[PATCH 9/9] rebase -i: rearrange fixup/squash lines using the rebase--helper

[Date Prev][Date Next][Thread Prev][Thread Next][Date Index][Thread Index]

 



This operation has quadratic complexity, which is especially painful
on Windows, where shell scripts are *already* slow (mainly due to the
overhead of the POSIX emulation layer).

Let's reimplement this with linear complexity (using a hash map to
match the commits' subject lines) for the common case; Sadly, the
fixup/squash feature's design neglected performance considerations,
allowing arbitrary prefixes (read: `fixup! hell` will match the
commit subject `hello world`), which means that we are stuck with
quadratic performance in the worst case.

The reimplemented logic also happens to fix a bug where commented-out
lines (representing empty patches) were dropped by the previous code.

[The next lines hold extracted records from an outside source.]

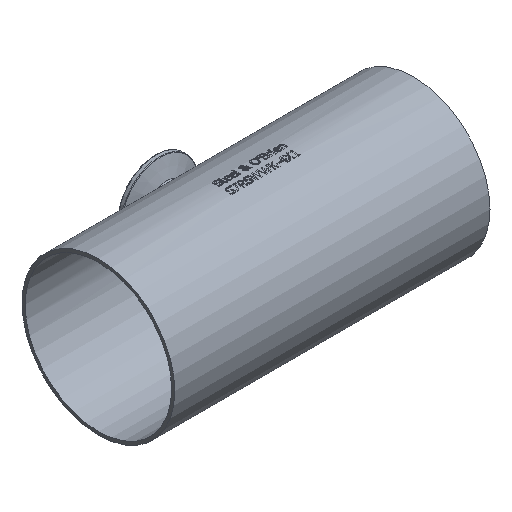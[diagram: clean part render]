
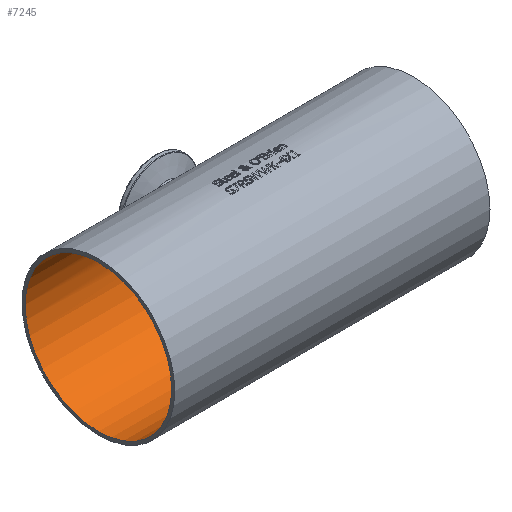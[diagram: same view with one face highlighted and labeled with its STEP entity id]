
A CAD part, isometric view. The second image highlights one B-rep face of the part: STEP entity #7245.
In plain terms, the highlighted cylindrical face has radius 48.692 mm (diameter 97.384 mm), a full revolution.
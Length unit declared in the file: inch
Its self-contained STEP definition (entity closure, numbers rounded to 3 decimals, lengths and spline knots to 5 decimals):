
#153=FACE_BOUND('',#1348,.T.);
#154=FACE_BOUND('',#1349,.T.);
#155=FACE_BOUND('',#1350,.T.);
#1348=EDGE_LOOP('',(#6716));
#1349=EDGE_LOOP('',(#6717));
#1350=EDGE_LOOP('',(#6718));
#1709=B_SPLINE_CURVE_WITH_KNOTS('',3,(#15492,#15493,#15494,#15495,#15496,
#15497,#15498,#15499,#15500,#15501,#15502,#15503,#15504,#15505,#15506,#15507,
#15508,#15509,#15510,#15511,#15512,#15513,#15514,#15515,#15516,#15517,#15518,
#15519,#15520,#15521,#15522,#15523,#15524,#15525),.UNSPECIFIED.,.T.,.F.,
(4,2,2,2,2,2,2,2,2,2,2,2,2,2,2,2,4),(0.,0.41779,0.83558,
1.25333,1.67109,2.08884,2.50659,2.92438,
3.34217,3.75997,4.17776,4.59551,5.01326,
5.43101,5.84877,6.26656,6.68435),
 .UNSPECIFIED.);
#2855=CIRCLE('',#7702,1.917);
#2856=CIRCLE('',#7703,1.917);
#3567=VERTEX_POINT('',#15491);
#3568=VERTEX_POINT('',#15527);
#3569=VERTEX_POINT('',#15529);
#4624=EDGE_CURVE('',#3567,#3567,#1709,.T.);
#4625=EDGE_CURVE('',#3568,#3568,#2855,.T.);
#4626=EDGE_CURVE('',#3569,#3569,#2856,.T.);
#6716=ORIENTED_EDGE('',*,*,#4624,.T.);
#6717=ORIENTED_EDGE('',*,*,#4625,.F.);
#6718=ORIENTED_EDGE('',*,*,#4626,.F.);
#6795=CYLINDRICAL_SURFACE('',#7701,1.917);
#7245=ADVANCED_FACE('',(#153,#154,#155),#6795,.F.);
#7701=AXIS2_PLACEMENT_3D('',#15526,#9116,#9117);
#7702=AXIS2_PLACEMENT_3D('',#15528,#9118,#9119);
#7703=AXIS2_PLACEMENT_3D('',#15530,#9120,#9121);
#9116=DIRECTION('center_axis',(-1.,0.,0.));
#9117=DIRECTION('ref_axis',(0.,0.,1.));
#9118=DIRECTION('center_axis',(1.,0.,0.));
#9119=DIRECTION('ref_axis',(0.,0.,1.));
#9120=DIRECTION('center_axis',(-1.,0.,0.));
#9121=DIRECTION('ref_axis',(0.,0.,1.));
#15491=CARTESIAN_POINT('',(0.,1.86699,0.435));
#15492=CARTESIAN_POINT('Ctrl Pts',(0.,1.86699,
0.435));
#15493=CARTESIAN_POINT('Ctrl Pts',(0.05483,1.86699,0.435));
#15494=CARTESIAN_POINT('Ctrl Pts',(0.11317,1.86966,0.424));
#15495=CARTESIAN_POINT('Ctrl Pts',(0.22029,1.87919,0.37955));
#15496=CARTESIAN_POINT('Ctrl Pts',(0.26908,1.8859,0.34611));
#15497=CARTESIAN_POINT('Ctrl Pts',(0.3461,1.89842,0.26908));
#15498=CARTESIAN_POINT('Ctrl Pts',(0.37955,1.90506,0.22029));
#15499=CARTESIAN_POINT('Ctrl Pts',(0.424,1.91441,0.11317));
#15500=CARTESIAN_POINT('Ctrl Pts',(0.435,1.917,0.05482));
#15501=CARTESIAN_POINT('Ctrl Pts',(0.435,1.917,-0.05482));
#15502=CARTESIAN_POINT('Ctrl Pts',(0.424,1.91441,-0.11317));
#15503=CARTESIAN_POINT('Ctrl Pts',(0.37955,1.90506,-0.22029));
#15504=CARTESIAN_POINT('Ctrl Pts',(0.3461,1.89842,-0.26908));
#15505=CARTESIAN_POINT('Ctrl Pts',(0.26908,1.8859,-0.34611));
#15506=CARTESIAN_POINT('Ctrl Pts',(0.22029,1.87919,-0.37955));
#15507=CARTESIAN_POINT('Ctrl Pts',(0.11317,1.86966,-0.424));
#15508=CARTESIAN_POINT('Ctrl Pts',(0.05483,1.86699,-0.435));
#15509=CARTESIAN_POINT('Ctrl Pts',(-0.05483,1.86699,-0.435));
#15510=CARTESIAN_POINT('Ctrl Pts',(-0.11317,1.86966,
-0.424));
#15511=CARTESIAN_POINT('Ctrl Pts',(-0.22029,1.87919,-0.37955));
#15512=CARTESIAN_POINT('Ctrl Pts',(-0.26908,1.8859,
-0.34611));
#15513=CARTESIAN_POINT('Ctrl Pts',(-0.3461,1.89842,
-0.26908));
#15514=CARTESIAN_POINT('Ctrl Pts',(-0.37955,1.90506,-0.22029));
#15515=CARTESIAN_POINT('Ctrl Pts',(-0.424,1.91441,
-0.11317));
#15516=CARTESIAN_POINT('Ctrl Pts',(-0.435,1.917,-0.05482));
#15517=CARTESIAN_POINT('Ctrl Pts',(-0.435,1.917,0.05482));
#15518=CARTESIAN_POINT('Ctrl Pts',(-0.424,1.91441,
0.11317));
#15519=CARTESIAN_POINT('Ctrl Pts',(-0.37955,1.90506,0.22029));
#15520=CARTESIAN_POINT('Ctrl Pts',(-0.3461,1.89842,
0.26908));
#15521=CARTESIAN_POINT('Ctrl Pts',(-0.26908,1.8859,
0.34611));
#15522=CARTESIAN_POINT('Ctrl Pts',(-0.22029,1.87919,0.37955));
#15523=CARTESIAN_POINT('Ctrl Pts',(-0.11317,1.86966,
0.424));
#15524=CARTESIAN_POINT('Ctrl Pts',(-0.05483,1.86699,0.435));
#15525=CARTESIAN_POINT('Ctrl Pts',(0.,1.86699,0.435));
#15526=CARTESIAN_POINT('Origin',(4.125,0.,0.));
#15527=CARTESIAN_POINT('',(-4.125,0.,-1.917));
#15528=CARTESIAN_POINT('Origin',(-4.125,0.,0.));
#15529=CARTESIAN_POINT('',(4.125,0.,-1.917));
#15530=CARTESIAN_POINT('Origin',(4.125,0.,0.));
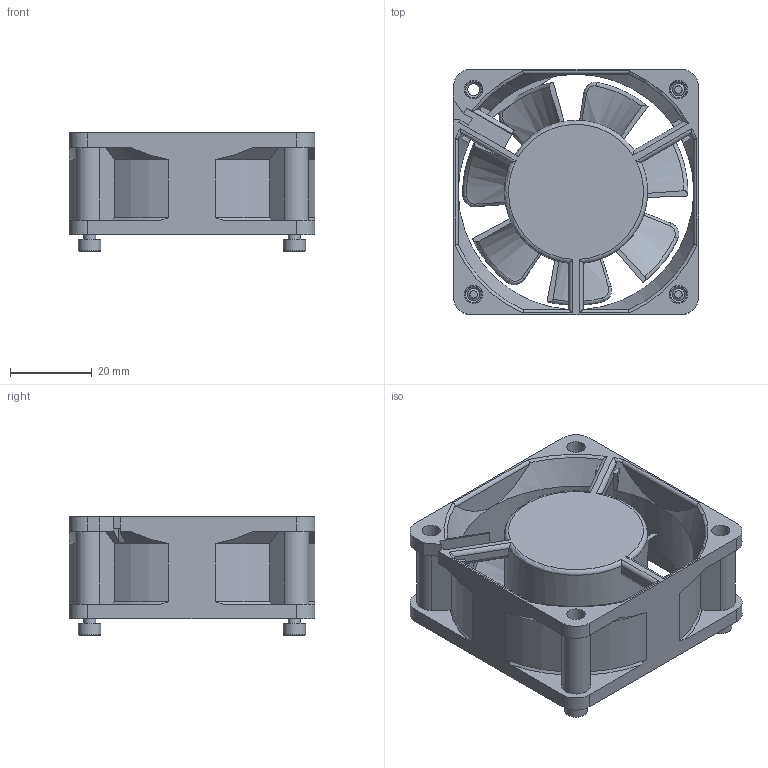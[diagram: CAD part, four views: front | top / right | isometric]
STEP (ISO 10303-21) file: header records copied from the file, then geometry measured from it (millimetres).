
FILE_DESCRIPTION(/* description */ (''),/* implementation_level */ '2;1');
FILE_NAME(/* name */ '6025_noctua.step',/* time_stamp */ '2025-05-12T13:49:16-05:00',/* author */ (''),/* organization */ (''),/* preprocessor_version */ 'ST-DEVELOPER v20.1',/* originating_system */ 'Autodesk Translation Framework v14.4.0.0',/* authorisation */ '');
FILE_SCHEMA (('AUTOMOTIVE_DESIGN { 1 0 10303 214 3 1 1 }'));
Products named in the file (10): 6020 Fan B; 6020 Impeller; M3x8 SHCS (161); M3x8 SHCS (162); M3x8 SHCS (160); 6020 Housing; M3 Threaded Insert (106); M3 Threaded Insert (104); M3 Threaded Insert (105); M3 Threaded Insert (103)
Assembly tree (9 placements, depth 2):
  6020 Fan B
    6020 Impeller
    M3x8 SHCS (161)
    M3x8 SHCS (162)
    M3x8 SHCS (160)
    6020 Housing
    M3 Threaded Insert (106)
    M3 Threaded Insert (104)
    M3 Threaded Insert (105)
    M3 Threaded Insert (103)
Bounding box: 60 x 60 x 29 mm (x, y, z)
Volume: 37606.1 mm3; surface area: 26051.1 mm2
Topology: 9 solids, 9 shells, 794 faces, 2188 edges, 1432 vertices
Faces by surface type: bspline 368, cylinder 199, plane 142, cone 65, torus 20
Full cylindrical faces by diameter (mm): 2.9 x4, 3 x3, 4.2 x4, 4.25 x4, 4.5 x4, 4.6 x4, 5.5 x3, 30.85 x1, 35 x1, 57.5 x1
Entity records: 41484 total; most frequent: CARTESIAN_POINT 23113, ORIENTED_EDGE 4376, DIRECTION 2996, EDGE_CURVE 2188, VERTEX_POINT 1432, AXIS2_PLACEMENT_3D 1269, B_SPLINE_CURVE_WITH_KNOTS 837, EDGE_LOOP 836

Signed-off-by: Johannes Schindelin <johannes.schindelin@xxxxxx>
---
 builtin/rebase--helper.c     |   6 +-
 git-rebase--interactive.sh   |  90 +-------------------
 sequencer.c                  | 197 +++++++++++++++++++++++++++++++++++++++++++
 sequencer.h                  |   1 +
 t/t3415-rebase-autosquash.sh |   2 +-
 5 files changed, 205 insertions(+), 91 deletions(-)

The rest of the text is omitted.